About the Lab
NK cells are critical for the control of viral infection and malignancy. In rare cases, immunodeficiency results when NK cells or specific NK cell subsets are missing. In addition, NK cells hold tremendous promise in the field of immunotherapy. Despite their clinical importance, the molecular signals that drive human NK cell development are poorly understood. The focus of research in the Mace lab is to understand the molecular signaling that drives human NK cell development and how this is dysregulated in cases of human disease. In particular, signaling from the microenvironment that can support NK cell development in tissue is difficult to interrogate but holds important clues to the lineage restriction and homeostasis of NK cells.
NK cells exert effector function through the formation of an immunological synapse, a highly organized signaling platform formed between two cells. In a lytic synapse, the target is a virally infected or tumorigenic cell, however synapses may also be formed with other accessory cells. Identifying the contacts formed between NK cells and developmentally supportive stromal cells suggests the presence of a developmental synapse that integrates signals required for development. Through the use of non-diffraction limited microscopy (particularly stimulated emission depletion microscopy, STED) and other quantitative imaging and image analysis techniques (such as confocal microscopy and imaging flow cytometry, IFC), we can gain tremendous insight into the molecular events that drive immune cell formation and function.

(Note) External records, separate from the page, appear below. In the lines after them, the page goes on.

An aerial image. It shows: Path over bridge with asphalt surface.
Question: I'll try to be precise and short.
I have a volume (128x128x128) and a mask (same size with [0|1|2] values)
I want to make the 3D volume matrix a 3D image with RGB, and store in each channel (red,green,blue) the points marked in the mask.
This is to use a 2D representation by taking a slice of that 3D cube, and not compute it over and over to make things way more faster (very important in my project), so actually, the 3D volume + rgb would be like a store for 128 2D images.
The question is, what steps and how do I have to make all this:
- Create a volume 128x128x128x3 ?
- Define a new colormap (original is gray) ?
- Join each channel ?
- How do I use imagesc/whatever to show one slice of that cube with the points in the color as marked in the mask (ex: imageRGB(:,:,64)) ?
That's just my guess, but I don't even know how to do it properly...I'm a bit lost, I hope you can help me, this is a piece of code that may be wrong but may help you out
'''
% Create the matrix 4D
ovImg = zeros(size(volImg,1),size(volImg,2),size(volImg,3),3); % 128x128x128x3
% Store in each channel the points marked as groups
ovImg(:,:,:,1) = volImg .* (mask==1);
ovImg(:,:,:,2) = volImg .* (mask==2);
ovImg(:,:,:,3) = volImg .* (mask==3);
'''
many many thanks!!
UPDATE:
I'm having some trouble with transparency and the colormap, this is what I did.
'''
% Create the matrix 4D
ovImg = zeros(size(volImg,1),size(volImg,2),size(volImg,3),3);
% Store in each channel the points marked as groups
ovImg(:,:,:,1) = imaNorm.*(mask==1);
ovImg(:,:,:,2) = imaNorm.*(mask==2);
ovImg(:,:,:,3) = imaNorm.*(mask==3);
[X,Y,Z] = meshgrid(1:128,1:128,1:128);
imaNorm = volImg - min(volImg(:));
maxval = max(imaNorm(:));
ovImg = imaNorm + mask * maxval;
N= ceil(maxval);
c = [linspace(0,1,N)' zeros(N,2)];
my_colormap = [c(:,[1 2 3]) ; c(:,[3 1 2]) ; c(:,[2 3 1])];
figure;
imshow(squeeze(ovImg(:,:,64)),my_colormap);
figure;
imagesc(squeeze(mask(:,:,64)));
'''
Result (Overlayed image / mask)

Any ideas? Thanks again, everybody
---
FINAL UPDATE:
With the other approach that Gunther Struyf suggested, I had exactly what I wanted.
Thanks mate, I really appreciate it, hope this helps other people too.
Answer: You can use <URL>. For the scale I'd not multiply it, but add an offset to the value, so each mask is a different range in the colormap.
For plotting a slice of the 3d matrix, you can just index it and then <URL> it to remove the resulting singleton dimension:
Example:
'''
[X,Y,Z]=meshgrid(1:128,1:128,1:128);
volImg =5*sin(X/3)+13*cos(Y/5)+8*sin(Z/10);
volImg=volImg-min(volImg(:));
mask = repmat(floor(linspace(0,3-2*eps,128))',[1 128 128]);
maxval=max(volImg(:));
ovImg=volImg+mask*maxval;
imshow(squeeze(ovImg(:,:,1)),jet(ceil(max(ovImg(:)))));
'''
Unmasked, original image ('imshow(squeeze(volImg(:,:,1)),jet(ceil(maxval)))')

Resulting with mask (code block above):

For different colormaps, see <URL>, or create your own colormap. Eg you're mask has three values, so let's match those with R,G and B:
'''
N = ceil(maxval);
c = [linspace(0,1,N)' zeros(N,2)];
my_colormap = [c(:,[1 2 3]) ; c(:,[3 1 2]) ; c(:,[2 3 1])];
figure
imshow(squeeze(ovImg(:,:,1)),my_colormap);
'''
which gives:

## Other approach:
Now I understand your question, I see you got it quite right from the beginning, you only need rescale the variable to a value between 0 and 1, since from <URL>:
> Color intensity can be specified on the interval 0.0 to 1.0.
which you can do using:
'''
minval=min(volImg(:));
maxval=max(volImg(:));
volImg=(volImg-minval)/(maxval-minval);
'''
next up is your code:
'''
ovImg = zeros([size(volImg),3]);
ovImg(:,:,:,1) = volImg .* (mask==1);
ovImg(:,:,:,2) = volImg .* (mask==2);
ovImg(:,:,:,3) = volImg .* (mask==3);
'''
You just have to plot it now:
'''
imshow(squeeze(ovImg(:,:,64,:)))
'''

We gain further insight into the signals that drive human NK cell development through the identification of genetic causes of NK cell deficiency. Through our collaboration with Baylor-Hopkins Center for Mendelian Genomics and the NK Evaluation and Research (NEAR) Clinic, we strive to identify the molecular basis of disease in patients with immunodeficiency affecting NK cell development or function. This has led to the discovery of previously unknown requirements for NK cell maturation and launched both basic and translational research into proteins such as the transcription factor GATA2, a leading cause of myelodysplastic syndrome in young adults and a critical regulator of NK cell development.